Character Analysis Nastasya Filippovna Barashkov

 

It is regrettable that Dostoevsky did not more often include Nastasya in The Idiot's middle sections. Without a doubt, she is the novel's most dramatic and most complex character; it is she who steers the course of this novel and the fate of Prince Myshkin and Rogozhin. Structurally, perhaps, Dostoevsky neglected Nastasya to show us Myshkin's attempt at living among the bourgeois — as completely a failure as his experiences with such extraordinary types as Nastasya and Rogozhin. But even when Nastasya is absent from the action of the novel, her presence is felt; this is particularly true of the novel's beginning. Long before Nastasya Filippovna makes an entrance and we see her in action, we listen to Lebedyev's gossip about her; we hear Rogozhin's confession concerning his ungovernable passion for her that drove him to steal enough money to buy her a set of expensive earrings; the photograph of her is described, as is Myshkin's reaction to it; we witness General Epanchin's anxiety concerning Nastasya's decision to marry Ganya Ivolgin; and, we watch Ganya scheme, and the Epanchin women fume in jealousy, when Nastasya's name is mentioned. Nastasya is this novel's pivot.

Nastasya Filippovna has been extraordinary — singled out — ever since she was twelve years old and Totsky saw her, by accident. Earlier he had placed the young orphan girl with a good German family and, later, discerned a promise of unusual beauty in the young adolescent. Totsky educated her, was lavish with his money and created a well-bred, intelligent mistress for himself.

Halfway through her long liaison with Totsky, however, Nastasya demanded that he not dispose of her; she threatened him if he should ever marry, and thus Nastasya could no longer place the entire burden of shame on Totsky for her being a kept woman.

No one in The Idiot can understand Nastasya Filippovna's abrupt changes of mood and perhaps we should not attempt too narrow a formula for her motivations. Nastasya is highly emotional, full of guilt, out for revenge — things which cannot be logically equated into a cause-effect relationship. We have a full account of Nastasya's background and from that, and seeing that Nastasya's passion is extreme, we have to accept her actions and not, logically, try to find reasons for her capriciousness.

One of the best ways to understand Nastasya's actions is to imagine her desperate situation. She cannot continue as Totsky's mistress; the pose has grown tiring. She cannot marry Ganya, who lusts after her money and has threatened to mistreat her. Most of all, she cannot marry the innocent Prince Myshkin, who insists to her — and to other people — that Nastasya is not what she seems, that she is more kind and sweet than her haughty demeanor seems to indicate. Nastasya is far more objective about herself than either Myshkin or Rogozhin; the former sees suffering beauty in her eyes and so colors the whole of her character; the latter sees sensuous beauty and is spellbound. It is Nastasya's liability that she is so extraordinarily beautiful; men think of her only in terms of sex — and the money necessary for the luxury.

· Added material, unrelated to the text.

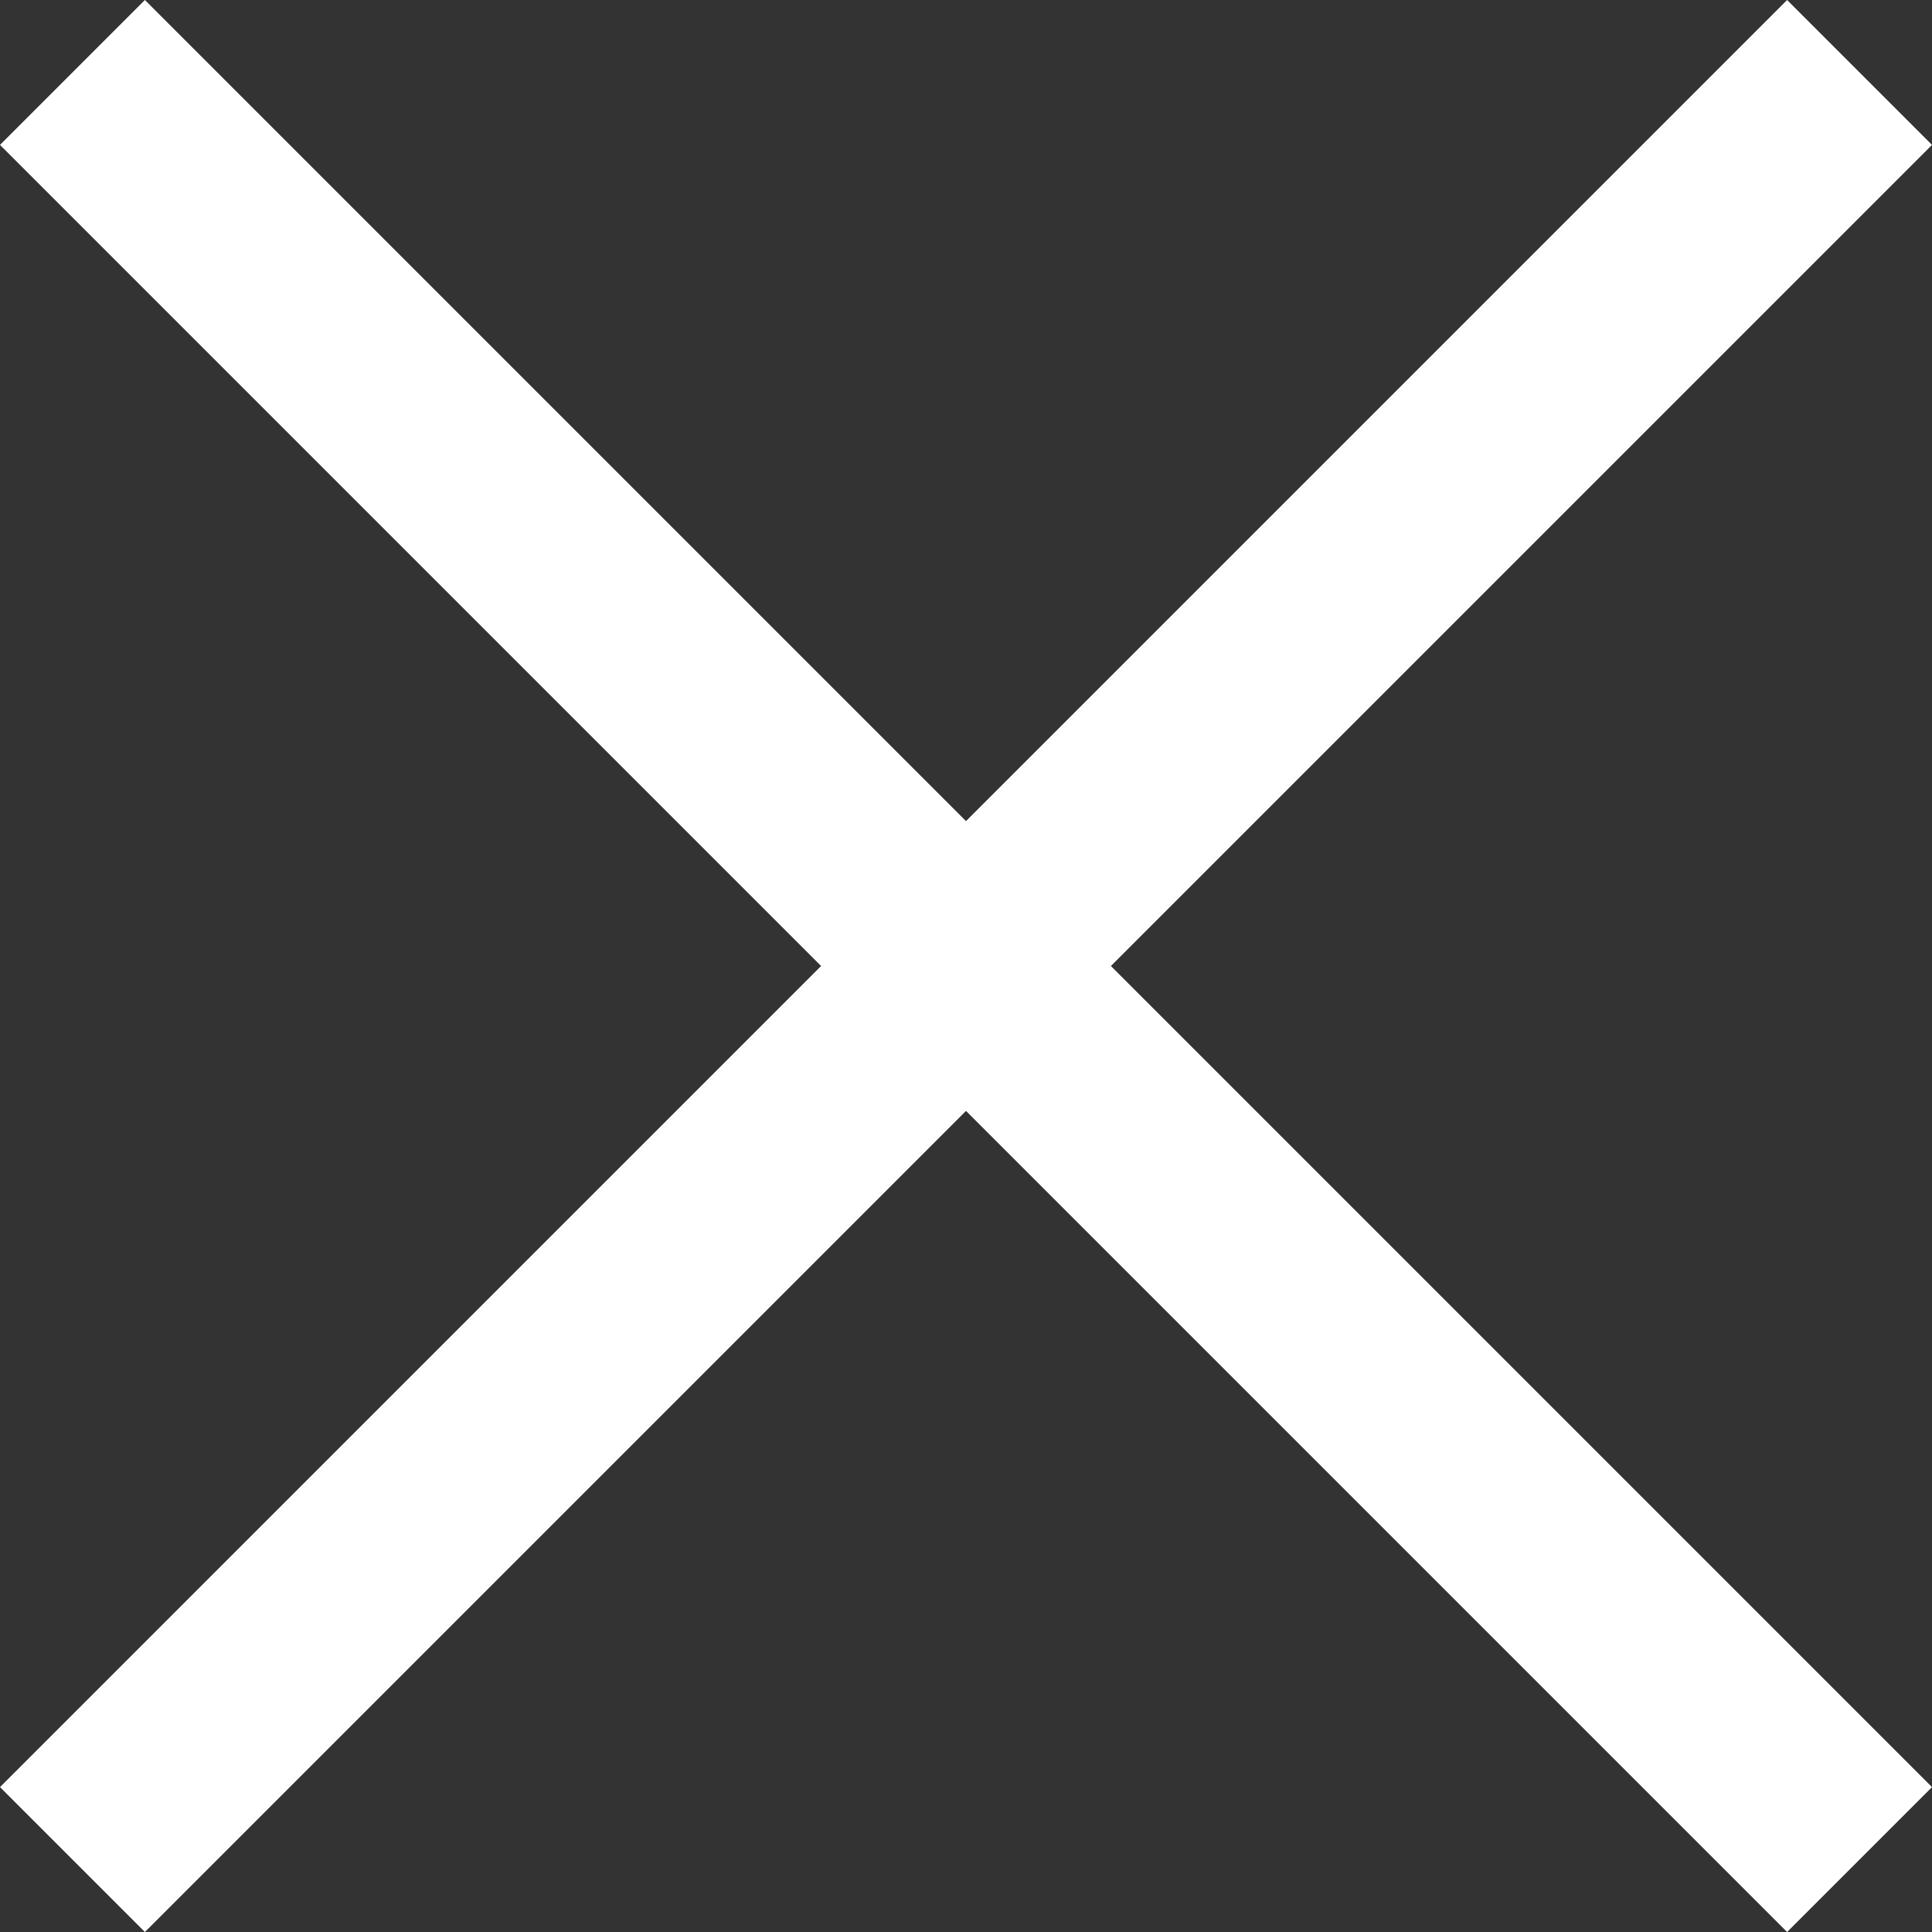<?xml version="1.0" encoding="UTF-8"?> <svg xmlns="http://www.w3.org/2000/svg" xmlns:xlink="http://www.w3.org/1999/xlink" version="1.1" id="Capa_1" x="0px" y="0px" viewBox="0 0 426.667 426.667" style="enable-background:new 0 0 426.667 426.667;" xml:space="preserve"><rect x="0" y="0" width="426.667" height="426.667" fill="#333333" stroke="none"/><g><g><polygon points="426.667,32 394.667,0 213.333,181.333 32,0 0,32 181.333,213.333 0,394.667 32,426.667 213.333,245.333 394.667,426.667 426.667,394.667 245.333,213.333 " fill="#000000" style="fill: rgb(255, 255, 255);"></polygon></g></g></svg>

After Nastasya leaves Totsky, her only weapon for survival in the world of Petersburg society is her pride. She fled in the night with Rogozhin because of her insecurity; Totsky reared her to be a cultured accessory and she is adrift on her own. She realizes that, socially, she is at a dead end. And she is intelligent enough to rise above the ridiculous situation and see Myshkin as a saint, Rogozhin as a sensualist, and the rest of the men who flock around her as greedy and slavish. She sees an absurd morality play with good and evil on either side of her. So, not knowing what role she must play, she plunges into the comedy and turns the course of events upside down.

There is a fatalistic streak in Nastasya; she seems to sense from the first that her destiny is with Rogozhin, just as Myshkin senses, in an almost clairvoyant way, that not only will Nastasya's rendezvous be with Rogozhin but that it will result in her death. Death, in fact, hovers ominously throughout the novel. An attempt is made on Myshkin's life, various murders are discussed, plus the treatment and the attitudes of murderers; and Nastasya's birthday party comes to a climax in the death of one way of life — but not in the birth of another. Nastasya destroys her long-time relationship with Totsky to flee to nowhere. She merely escapes with Rogozhin, a pale-faced admirer who quakes in her presence but who, we learn, is capable of beating her black and blue.

Vacillating between Rogozhin and Myshkin in Moscow, Nastasya returns to Petersburg and tries to effect a marriage between Aglaia and Myshkin — two good souls. But Aglaia reveals herself to be venomous and even though Nastasya bests Aglaia by claiming Myshkin as a prize, she cannot let herself marry the prince; therefore, her final — and fatal — abandonment to Rogozhin.